Recorded data
═══

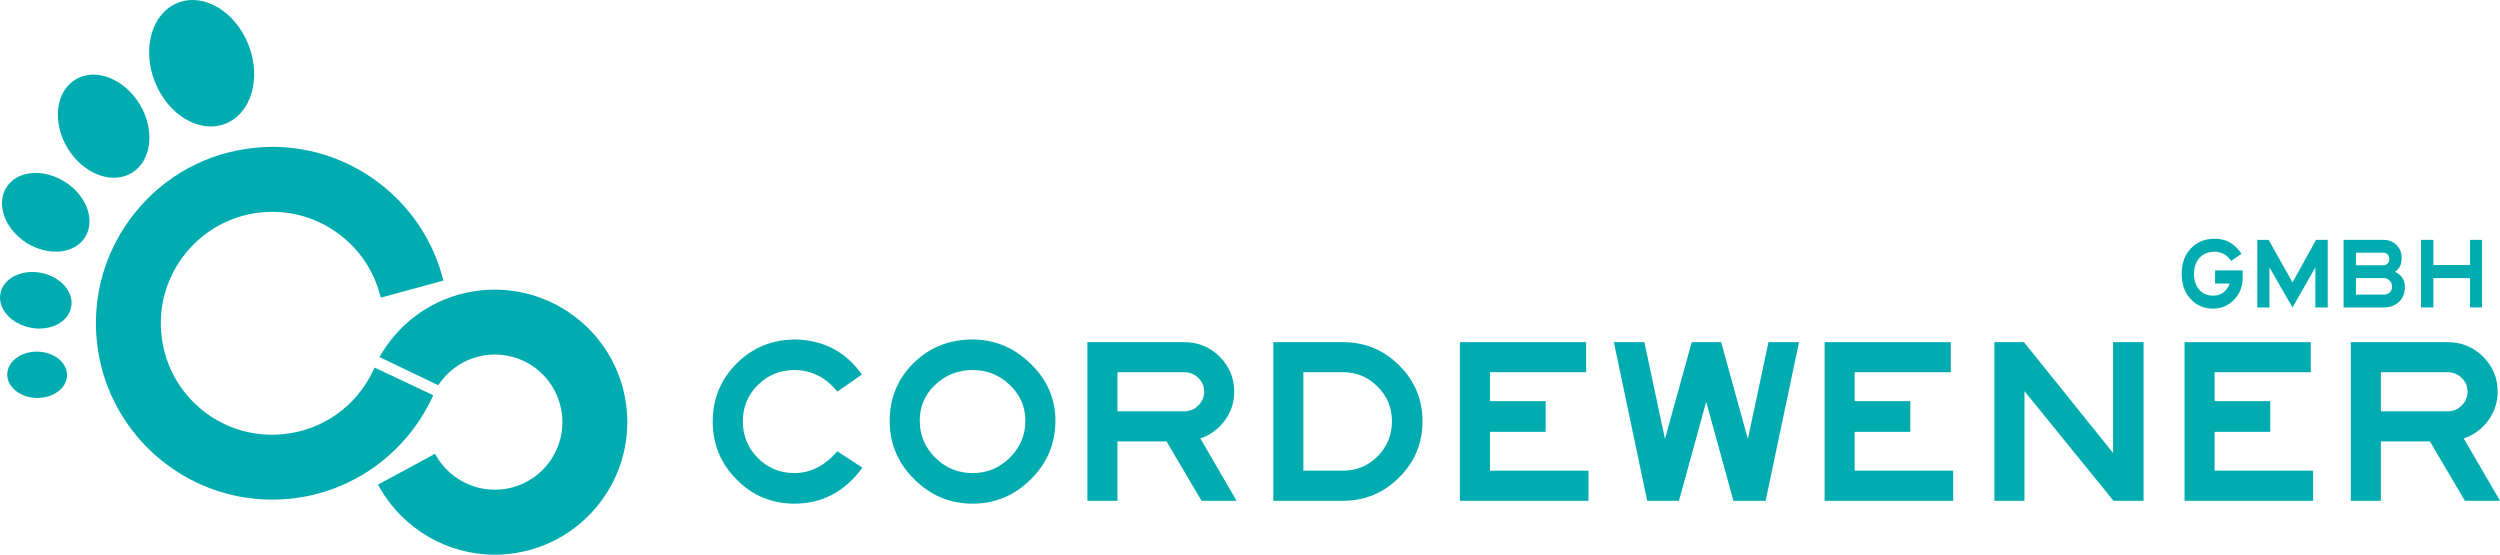 <?xml version="1.0" encoding="utf-8"?>
<!-- Generator: Adobe Illustrator 15.0.0, SVG Export Plug-In . SVG Version: 6.00 Build 0)  -->
<!DOCTYPE svg PUBLIC "-//W3C//DTD SVG 1.1//EN" "http://www.w3.org/Graphics/SVG/1.1/DTD/svg11.dtd">
<svg version="1.1" id="Ebene_1" xmlns="http://www.w3.org/2000/svg" xmlns:xlink="http://www.w3.org/1999/xlink" x="0px" y="0px"
	 width="585.901px" height="130px" viewBox="0 0 585.901 130" enable-background="new 0 0 585.901 130" xml:space="preserve">
<g>
	<path fill="#00ACAF" d="M41.691,0.646c-6.072,2.386-8.487,10.663-5.415,18.486c3.081,7.824,10.486,12.24,16.547,9.858
		c6.073-2.382,8.488-10.66,5.417-18.484C55.167,2.682,47.752-1.737,41.691,0.646 M17.716,18.614c-4.684,2.813-5.545,10-1.911,16.057
		c3.62,6.034,10.36,8.675,15.053,5.864c4.686-2.817,5.538-10.002,1.916-16.045C29.141,18.443,22.401,15.801,17.716,18.614
		 M1.522,43.885c-2.503,3.935-0.424,9.766,4.651,13.008c5.088,3.214,11.241,2.662,13.744-1.271c2.503-3.934,0.423-9.766-4.659-12.98
		C10.177,39.398,4.026,39.951,1.522,43.885 M0.098,68.73c-0.7,3.545,2.438,7.138,7.016,8.057c4.58,0.921,8.862-1.228,9.563-4.773
		c0.712-3.545-2.426-7.165-7.007-8.057C5.091,63.037,0.811,65.184,0.098,68.73 M1.696,87.696c-0.068,2.988,3.024,5.491,6.889,5.563
		c3.877,0.083,7.065-2.28,7.124-5.269c0.068-3.01-3.022-5.493-6.889-5.579C4.955,82.32,1.764,84.685,1.696,87.696"/>
	<path fill="#00ACAF" d="M115.945,130c-11.064,0-21.378-5.985-26.92-15.626l-0.45-0.78l13.38-7.247l0.434,0.742
		c2.851,4.747,8.053,7.681,13.567,7.681c0.523,0,1.062-0.026,1.593-0.081c4.207-0.424,7.986-2.462,10.675-5.729
		c2.677-3.287,3.924-7.401,3.501-11.609c-0.815-8.121-7.589-14.262-15.746-14.262c-0.534,0-1.068,0.028-1.593,0.084
		c-4.492,0.454-8.604,2.823-11.255,6.514l-0.434,0.583l-13.771-6.601l0.5-0.832c5.123-8.431,13.669-13.818,23.444-14.808
		c1.028-0.086,2.083-0.143,3.123-0.143c7.645,0,15.012,2.838,20.737,7.98c5.766,5.166,9.357,12.257,10.135,19.969
		c1.71,17.037-10.76,32.281-27.801,33.999C118.026,129.944,116.983,130,115.945,130 M63.782,117.091H63.78
		c-10.143-0.001-19.913-3.734-27.527-10.544C28.594,99.688,23.776,90.3,22.708,80.1c-1.153-10.955,2.035-21.731,8.983-30.317
		c6.955-8.608,16.818-13.966,27.789-15.119c1.438-0.165,2.914-0.245,4.364-0.245c18.592,0,34.981,12.552,39.849,30.485l0.232,0.851
		l-14.686,3.998l-0.232-0.851c-3.073-11.333-13.434-19.257-25.175-19.257c-0.922,0-1.846,0.051-2.758,0.138
		c-14.329,1.523-24.748,14.391-23.242,28.719c1.406,13.327,12.569,23.386,25.956,23.386c0.911,0,1.849-0.053,2.762-0.154
		c9.118-0.967,16.912-6.5,20.86-14.801l0.375-0.79l13.757,6.487l-0.376,0.795c-2.991,6.289-7.548,11.766-13.186,15.854
		c-5.814,4.199-12.67,6.838-19.836,7.59C66.692,117.006,65.232,117.091,63.782,117.091"/>
	<path fill="#00ACAF" d="M202.119,109.59c-4.105,5.631-9.413,8.445-15.932,8.445c-5.292,0-9.804-1.873-13.539-5.642
		c-3.736-3.741-5.61-8.275-5.61-13.575c0-5.396,1.883-9.942,5.639-13.672c3.755-3.729,8.356-5.581,13.789-5.581
		c6.589,0.156,11.772,2.892,15.535,8.209l-5.762,3.997c-2.738-3.355-6.096-5.043-10.052-5.043c-3.36,0-6.222,1.163-8.57,3.492
		c-2.349,2.329-3.523,5.164-3.523,8.503c0,3.394,1.174,6.278,3.523,8.628c2.348,2.347,5.21,3.522,8.57,3.522
		c3.746,0,7.092-1.711,10.052-5.105L202.119,109.59z"/>
	<path fill="#00ACAF" d="M247.351,98.605c0,5.326-1.913,9.901-5.747,13.701c-3.833,3.827-8.386,5.729-13.682,5.729
		c-5.29,0-9.849-1.902-13.674-5.729c-3.833-3.8-5.745-8.346-5.745-13.584c0-5.418,1.863-9.945,5.6-13.635
		c3.736-3.685,8.346-5.522,13.819-5.522c5.182,0,9.712,1.88,13.598,5.668C245.409,88.997,247.351,93.461,247.351,98.605
		 M240.307,98.605c0-3.262-1.215-6.057-3.642-8.386s-5.337-3.49-8.743-3.49c-3.399,0-6.318,1.143-8.733,3.433
		c-2.427,2.305-3.64,5.102-3.64,8.443c0,3.355,1.213,6.251,3.64,8.655c2.416,2.409,5.334,3.612,8.733,3.612
		c3.405,0,6.316-1.204,8.743-3.612C239.092,104.856,240.307,101.96,240.307,98.605"/>
	<path fill="#00ACAF" d="M289.808,117.368h-8.211l-8.219-13.929h-11.492v13.929h-7.045V80.187h22.701
		c3.261,0,6.027,1.136,8.297,3.406c2.279,2.271,3.415,4.998,3.415,8.178c0,2.488-0.715,4.716-2.164,6.715
		c-1.447,2.001-3.366,3.439-5.773,4.27L289.808,117.368z M282.21,91.771c0-1.222-0.457-2.278-1.364-3.19
		c-0.91-0.89-2.005-1.348-3.305-1.348h-15.655v9.16h15.655c1.3,0,2.395-0.454,3.305-1.369
		C281.753,94.11,282.21,93.033,282.21,91.771"/>
	<path fill="#00ACAF" d="M333.377,98.722c0,5.144-1.824,9.544-5.474,13.167c-3.639,3.65-8.035,5.48-13.178,5.48h-16.312V80.188
		h16.312c5.143,0,9.539,1.804,13.178,5.435C331.553,89.251,333.377,93.62,333.377,98.722 M326.216,98.722
		c0-3.143-1.115-5.857-3.356-8.113c-2.243-2.251-4.948-3.377-8.134-3.377h-9.266v23.076h9.266c3.186,0,5.891-1.125,8.134-3.375
		C325.101,104.682,326.216,101.945,326.216,98.722"/>
	<polygon fill="#00ACAF" points="372.281,117.369 342.141,117.369 342.141,80.188 371.73,80.188 371.73,87.232 349.197,87.232 
		349.197,94.009 362.239,94.009 362.239,101.205 349.197,101.205 349.197,110.308 372.281,110.308 	"/>
	<polygon fill="#00ACAF" points="421.619,80.188 413.798,117.369 406.248,117.369 399.862,94.161 393.484,117.369 386.043,117.369 
		378.222,80.188 385.381,80.188 390.204,102.873 396.476,80.188 403.366,80.188 409.635,102.873 414.458,80.188 	"/>
	<polygon fill="#00ACAF" points="457.748,117.369 427.614,117.369 427.614,80.188 457.194,80.188 457.194,87.232 434.66,87.232 
		434.66,94.009 447.704,94.009 447.704,101.205 434.66,101.205 434.66,110.308 457.748,110.308 	"/>
	<polygon fill="#00ACAF" points="502.37,117.369 495.323,117.369 474.458,91.675 474.458,117.369 467.404,117.369 467.404,80.188 
		474.34,80.188 495.219,106.155 495.219,80.188 502.37,80.188 	"/>
	<polygon fill="#00ACAF" points="542.104,117.369 511.974,117.369 511.974,80.188 541.552,80.188 541.552,87.232 519.018,87.232 
		519.018,94.009 532.061,94.009 532.061,101.205 519.018,101.205 519.018,110.308 542.104,110.308 	"/>
	<path fill="#00ACAF" d="M585.901,117.368h-8.221l-8.21-13.929h-11.489v13.929h-7.044V80.187h22.697
		c3.251,0,6.016,1.136,8.298,3.406c2.271,2.271,3.419,4.998,3.419,8.178c0,2.488-0.731,4.716-2.164,6.715
		c-1.448,2.001-3.369,3.439-5.776,4.27L585.901,117.368z M578.291,91.771c0-1.222-0.442-2.278-1.357-3.19
		c-0.902-0.89-2.007-1.348-3.299-1.348h-15.653v9.16h15.653c1.292,0,2.396-0.454,3.299-1.369
		C577.849,94.11,578.291,93.033,578.291,91.771"/>
	<path fill="#00ACAF" d="M525.597,65.174c0,1.972-0.673,3.655-2.018,5.058c-1.346,1.4-2.994,2.104-4.934,2.104
		c-2.193,0-4.001-0.821-5.428-2.457c-1.277-1.469-1.92-3.376-1.92-5.723c0-2.441,0.719-4.421,2.159-5.934
		c1.433-1.513,3.305-2.267,5.618-2.267c1.552,0,2.908,0.402,4.059,1.203c0.703,0.493,1.434,1.255,2.191,2.295l-2.396,1.7
		c-1.006-1.433-2.31-2.152-3.922-2.152c-1.478,0-2.644,0.472-3.509,1.408c-0.872,0.94-1.304,2.209-1.304,3.819
		c0,1.496,0.407,2.713,1.218,3.648c0.817,0.941,1.894,1.408,3.232,1.408c1.335,0,2.38-0.484,3.143-1.462
		c0.303-0.368,0.555-0.824,0.754-1.375h-3.416v-3.072h6.471V65.174z"/>
	<polygon fill="#00ACAF" points="545.525,72.052 542.631,72.052 542.631,62.666 537.271,72.052 531.869,62.666 531.869,72.052 
		529.02,72.052 529.02,56.215 531.683,56.215 537.271,66.192 542.791,56.215 545.525,56.215 	"/>
	<path fill="#00ACAF" d="M563.609,67.23c0,1.51-0.469,2.695-1.402,3.543c-0.932,0.849-2.133,1.28-3.592,1.28h-9.368v-15.84h9.368
		c1.218,0,2.229,0.404,3.032,1.206c0.809,0.804,1.21,1.813,1.21,3.025c0,1.559-0.537,2.639-1.615,3.239
		C562.818,64.424,563.609,65.61,563.609,67.23 M559.982,60.661c-0.046-0.476-0.199-0.836-0.467-1.091
		c-0.268-0.251-0.565-0.368-0.9-0.354h-6.472v2.957h6.472c0.335,0.016,0.648-0.116,0.927-0.39
		C559.822,61.505,559.967,61.131,559.982,60.661 M560.599,67.207c0.017-0.613-0.185-1.112-0.605-1.491
		c-0.414-0.376-0.872-0.558-1.378-0.543h-6.472v3.877h6.472c0.534,0.014,0.997-0.149,1.392-0.494
		C560.403,68.208,560.599,67.756,560.599,67.207"/>
	<polygon fill="#00ACAF" points="581.69,72.052 578.868,72.052 578.868,65.174 570.291,65.174 570.291,72.052 567.396,72.052 
		567.396,56.215 570.291,56.215 570.291,62.103 578.868,62.103 578.868,56.215 581.69,56.215 	"/>
</g>
</svg>

═══

▶ Problem requirements
In the entries above, find each line with "path" and copy it.

▶ Your solution
	<path fill="#00ACAF" d="M41.691,0.646c-6.072,2.386-8.487,10.663-5.415,18.486c3.081,7.824,10.486,12.24,16.547,9.858
	<path fill="#00ACAF" d="M115.945,130c-11.064,0-21.378-5.985-26.92-15.626l-0.45-0.78l13.38-7.247l0.434,0.742
	<path fill="#00ACAF" d="M202.119,109.59c-4.105,5.631-9.413,8.445-15.932,8.445c-5.292,0-9.804-1.873-13.539-5.642
	<path fill="#00ACAF" d="M247.351,98.605c0,5.326-1.913,9.901-5.747,13.701c-3.833,3.827-8.386,5.729-13.682,5.729
	<path fill="#00ACAF" d="M289.808,117.368h-8.211l-8.219-13.929h-11.492v13.929h-7.045V80.187h22.701
	<path fill="#00ACAF" d="M333.377,98.722c0,5.144-1.824,9.544-5.474,13.167c-3.639,3.65-8.035,5.48-13.178,5.48h-16.312V80.188
	<path fill="#00ACAF" d="M585.901,117.368h-8.221l-8.21-13.929h-11.489v13.929h-7.044V80.187h22.697
	<path fill="#00ACAF" d="M525.597,65.174c0,1.972-0.673,3.655-2.018,5.058c-1.346,1.4-2.994,2.104-4.934,2.104
	<path fill="#00ACAF" d="M563.609,67.23c0,1.51-0.469,2.695-1.402,3.543c-0.932,0.849-2.133,1.28-3.592,1.28h-9.368v-15.84h9.368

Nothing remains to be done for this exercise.